Let $A\in\mathbb{R}^{n\times n}$ be a matrix whose real eigenvalues have negative real part, and $X=X^\top\in\mathbb{R}^{n\times n}$ be a positive semidefinite matrix, i.e., $X\succeq 0$. Consider the following matrix-valued function $$\tag{1}\label{1} F(X) = \left(\int_0^{\infty} e^{At} X e^{A^\top t} \mathrm{d} t\right)^{-1/2} X \left(\int_0^{\infty} e^{At} X e^{A^\top t} \mathrm{d} t\right)^{-1/2} $$ which maps positive (semi)definite matrices into a positive (semi)definite matrices. (Here $\cdot^{1/2}$ denotes the symmetric square root of a positive semidefinite matrix and $e^{\cdot}$ is the matrix exponential).

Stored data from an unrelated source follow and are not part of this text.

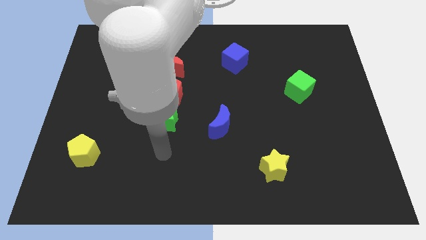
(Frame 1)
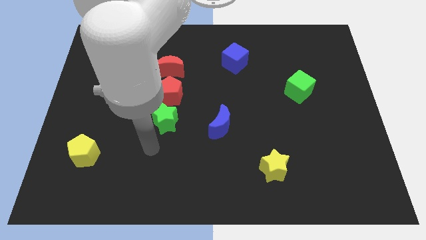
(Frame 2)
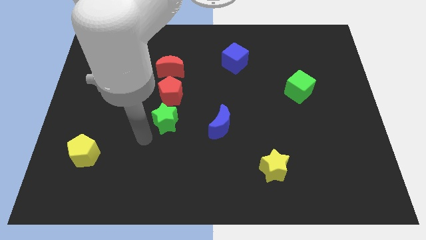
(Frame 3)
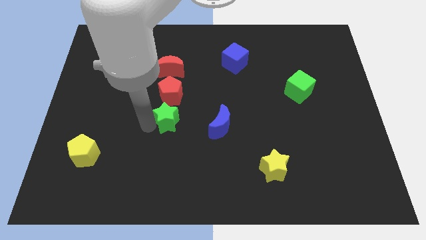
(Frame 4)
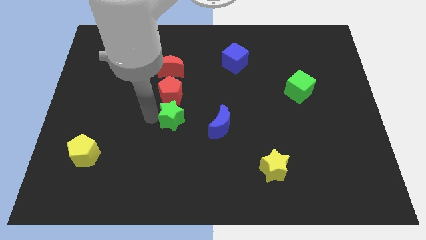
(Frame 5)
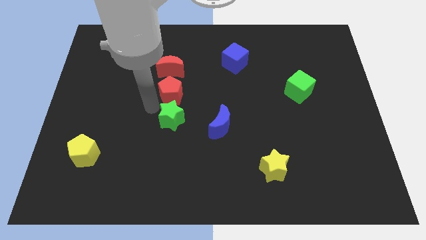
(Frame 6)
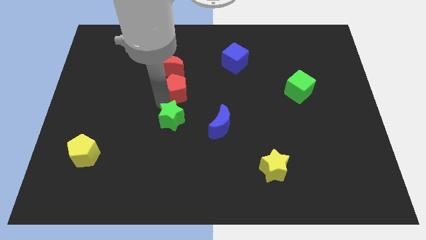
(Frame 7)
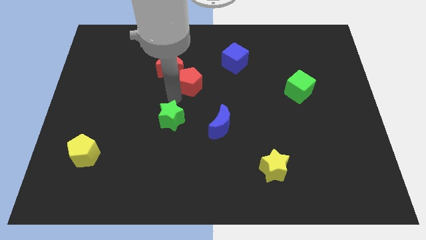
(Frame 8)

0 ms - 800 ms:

Note that \eqref{1} is a continuous function which is not defined for any $X\succeq 0$ such that $\int_0^{\infty} e^{At} X e^{A^\top t} \mathrm{d} t$ is singular. However, I wonder whether it is possible to define a continuous extension of $F(\cdot)$ in the set of positive semidefinite matrices.

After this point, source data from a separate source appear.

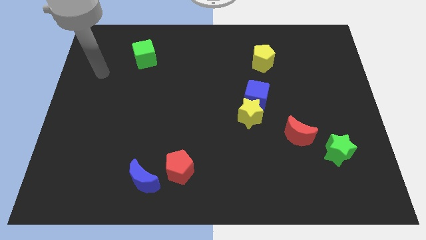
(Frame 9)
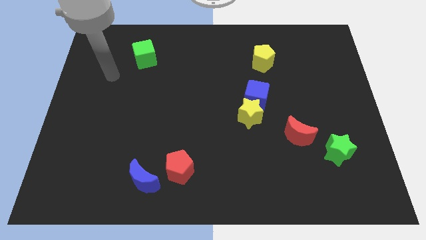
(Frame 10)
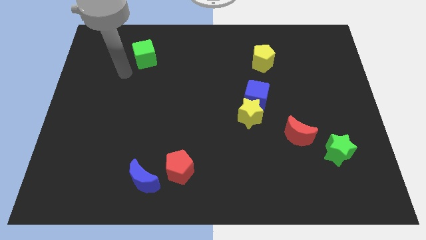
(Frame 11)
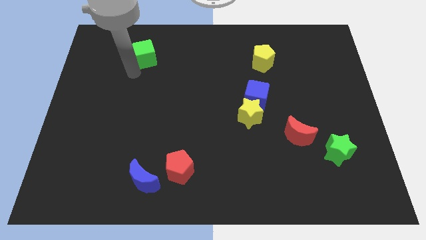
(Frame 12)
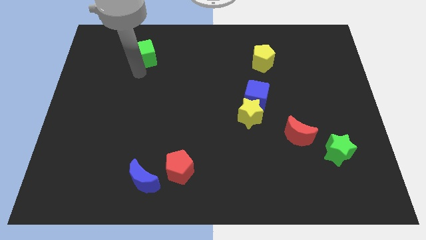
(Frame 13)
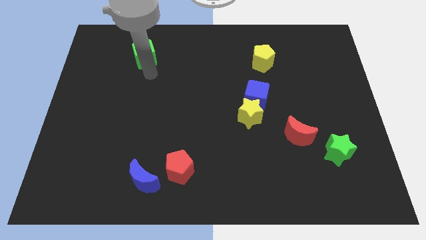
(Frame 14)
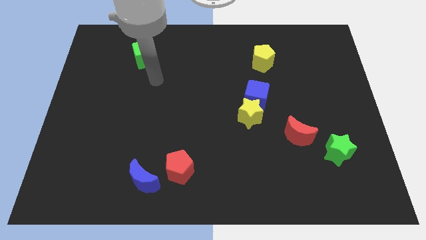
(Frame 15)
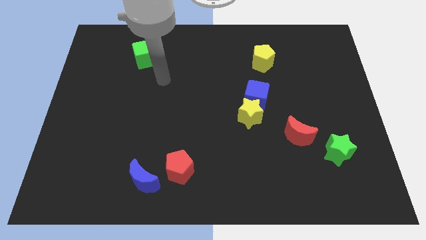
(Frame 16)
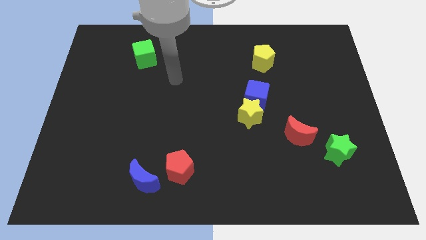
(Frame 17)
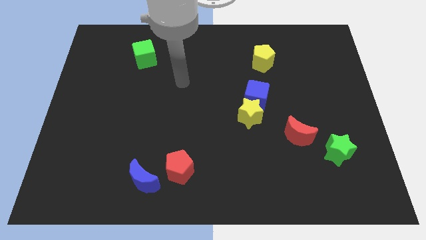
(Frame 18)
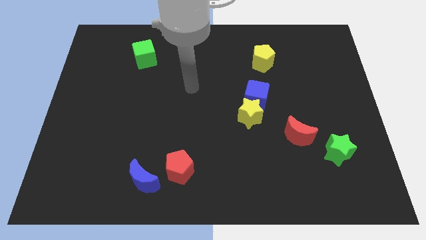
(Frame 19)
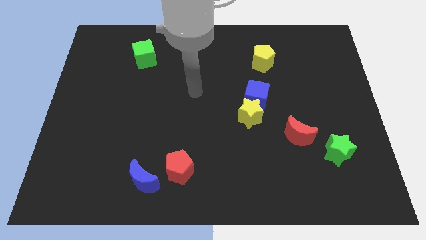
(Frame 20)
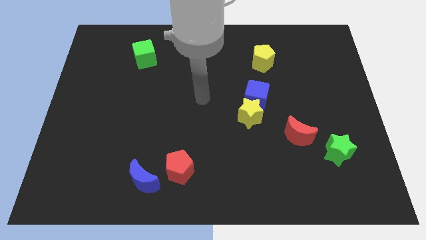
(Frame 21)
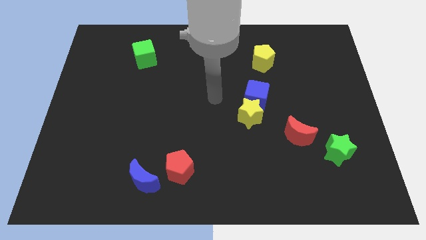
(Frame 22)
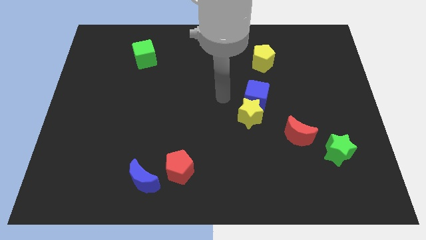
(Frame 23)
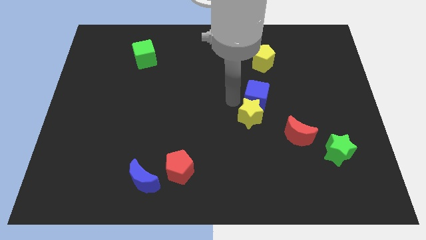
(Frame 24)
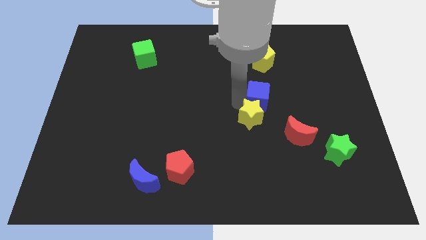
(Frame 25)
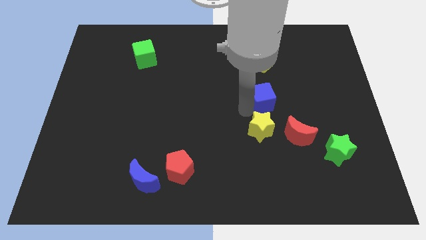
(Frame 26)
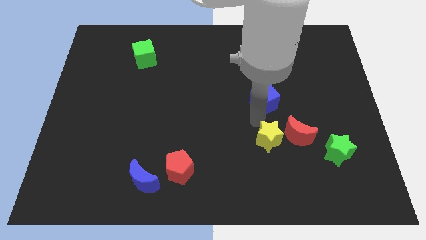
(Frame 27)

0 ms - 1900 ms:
move the blue cube away from the yellow star

In more formal terms, let $\bar{X}\succeq 0$ be such that $\int_0^{\infty} e^{At} \bar{X} e^{A^\top t} \mathrm{d} t$ is singular, and let $\{X_n\}_{n\ge 0}$, $X_n\succ 0$, be any sequence such that $\lim_{n\to \infty} X_n = \bar{X}$. Does $ \lim_{n\to \infty} F(X_n)$ exist and is finite?

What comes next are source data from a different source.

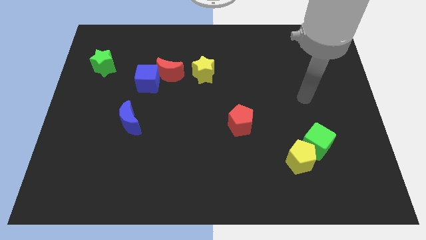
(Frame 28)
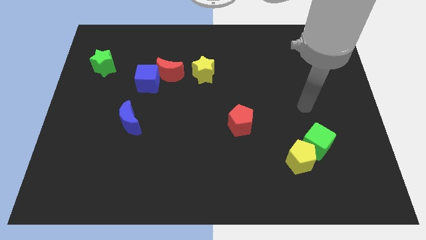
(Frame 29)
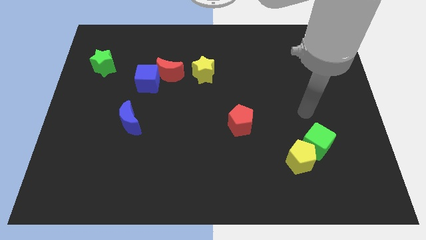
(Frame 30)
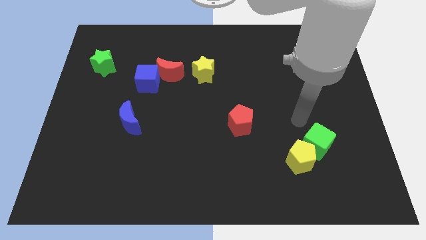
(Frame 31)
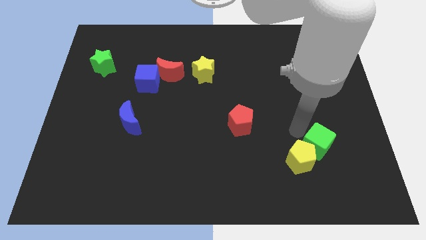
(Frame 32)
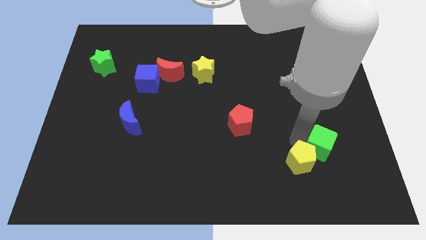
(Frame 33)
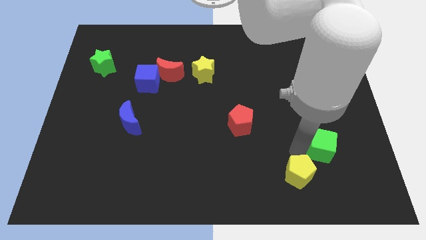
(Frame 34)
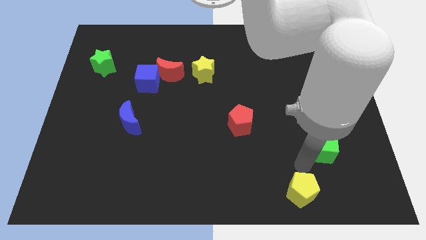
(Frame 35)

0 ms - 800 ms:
separate the green cube from the yellow pentagon

My question is motivated by the special case of scalar matrices $A=\alpha I$, $\alpha<0$, for which it is easy to see that the above limit exists and is finite. For general $A$'s, however, it is not clear to me whether this limit still exists. Numerical simulations suggest that the answer is again in the affirmative, but I was not able to prove it.